People have known for a long time that cocoa is a magical food. Raw cacao (unroasted cocoa) was used by ancient Mayans to make a frothy, bitter beverage. Cacao was so highly valued for its taste and health benefits that it was often used in Mayan marriage ceremonies and religious rituals.
Historically, chocolate was consumed as a beverage by many cultures before it was ever turned into candy or used in baking. Chocolate was first combined with cane sugar in Europe in the 1500s. It was often mixed with milk and heated as well, creating a beverage similar to the hot chocolate we enjoy today.
Our Cocoa Mojo uses coconut palm sugar in place of white sugar. While too much of any sugar is not supportive to health, coconut sugar brings several benefits to the table that make it a better choice than white sugar. Coconut sugar contains a type of fiber called inulin, which slows glucose absorption, meaning that it won’t cause blood glucose levels to spike as much as white sugar. Coconut sugar also provides trace amounts of iron, zinc, calcium, and potassium.
Cocoa is packed full of nutrients—iron, magnesium, and calcium, to name a few. It is also an excellent source of antioxidants—one of the best, actually. Antioxidants combat damage done by free radicals, which can come from many different sources and wreak havoc all throughout the body. Basically, antioxidants are health superheroes.
With cocoa, buying organic and fair trade is so important, both for the environment and for the health and well-being of the growers who produce the cocoa. Cocoa Mojo is sustainably grown and sourced, and it is organic.
How can we enjoy the health benefits of chocolate? Eating a sugary chocolate bar every day won’t really do it. Drinking Cocoa Mojo is a great way to start—especially as it includes medicinal mushrooms as well. You’ll get the nutrients and antioxidants of the cocoa, along with immune support and increased energy from the mushrooms.
Dark chocolate is a well-known addition to a healthy diet: the high cocoa content and low sugar content maximize the health benefits of this treat. Look for high quality, organic dark chocolate if possible. The taste will be better, and it won’t contain any fillers or additives.
Another idea: cacao nibs. Cacao nibs are simply chopped up cacao beans. They have a crunchy texture and a rich chocolate-y taste.
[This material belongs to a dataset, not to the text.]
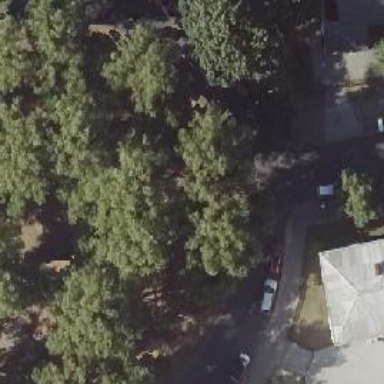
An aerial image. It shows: Broadleaved deciduous tree located in park.

These are a great topping to sprinkle on smoothies, cereal, and desserts, for chocolate flavor with no added sugar—a great alternative to chocolate chips.
Shakes (or smoothies) and raw brownies are another great way to enjoy cocoa or cacao. This raw brownie recipe from Deliciously Ella, made using dates and cacao, is unbelievably good. Almonds can be swapped in for the hazelnuts.
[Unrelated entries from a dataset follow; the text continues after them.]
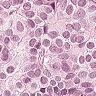
Metastatic tissue present: yes
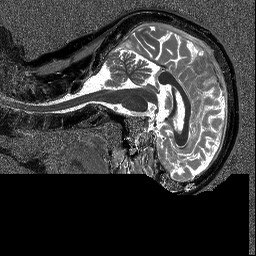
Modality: T1map
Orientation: sagittal
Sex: female

To make superfood hot chocolate—add maca or cayenne. Cocoa is already a superfood, but adding one of these delicious extras takes it to the next level.
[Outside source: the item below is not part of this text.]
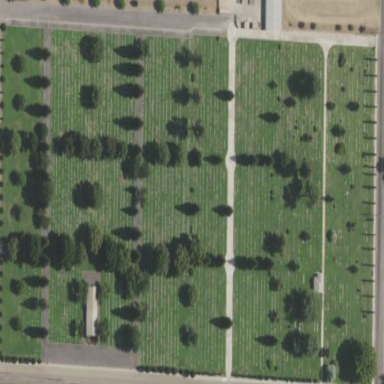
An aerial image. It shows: Cemetery.

Maca is a powdered root that supports balanced hormones and energy. Native to the Peruvian Andes, it has been used for thousands of years as a health supplement. Incan warriors used maca to increase strength and stamina. Maca is considered an adaptogen, which means it helps the body adapt to all sorts of stress, and it contains around sixty phytonutrients, including many minerals and amino acids. Look for gelatinized maca, which is more potent and absorbable. The combination of maca and cacao is very health supportive and tastes incredible. Maca has a flavor similar to butterscotch or caramel.
Cayenne is a very traditional addition to cocoa—another ingredient used by the ancient Mayans. Cayenne supports cardiovascular health and good circulation. Try our regular or spagyric cayenne extract.
Now you know: eating well can definitely include chocolate, and there are so many ways to enjoy this powerful ancient superfood!
Axe, Josh. (2017, Mar. 23). Is coconut sugar good for you? Retrieved from: https://draxe.com/coconut-sugar/.
Editors, History.com. (2017, Dec. 14). History of chocolate. Retrieved from: https://www.history.com/topics/ancient-americas/history-of-chocolate.
Editors, Ricochet Science. (2016, Apr. 12). Cacao: the Mayan “food of the gods.” Retrieved from: http://ricochetscience.com/cacao-mayan-food-gods/.
Morris, Julie. (2012). Superfood kitchen. New York: Sterling Epicure.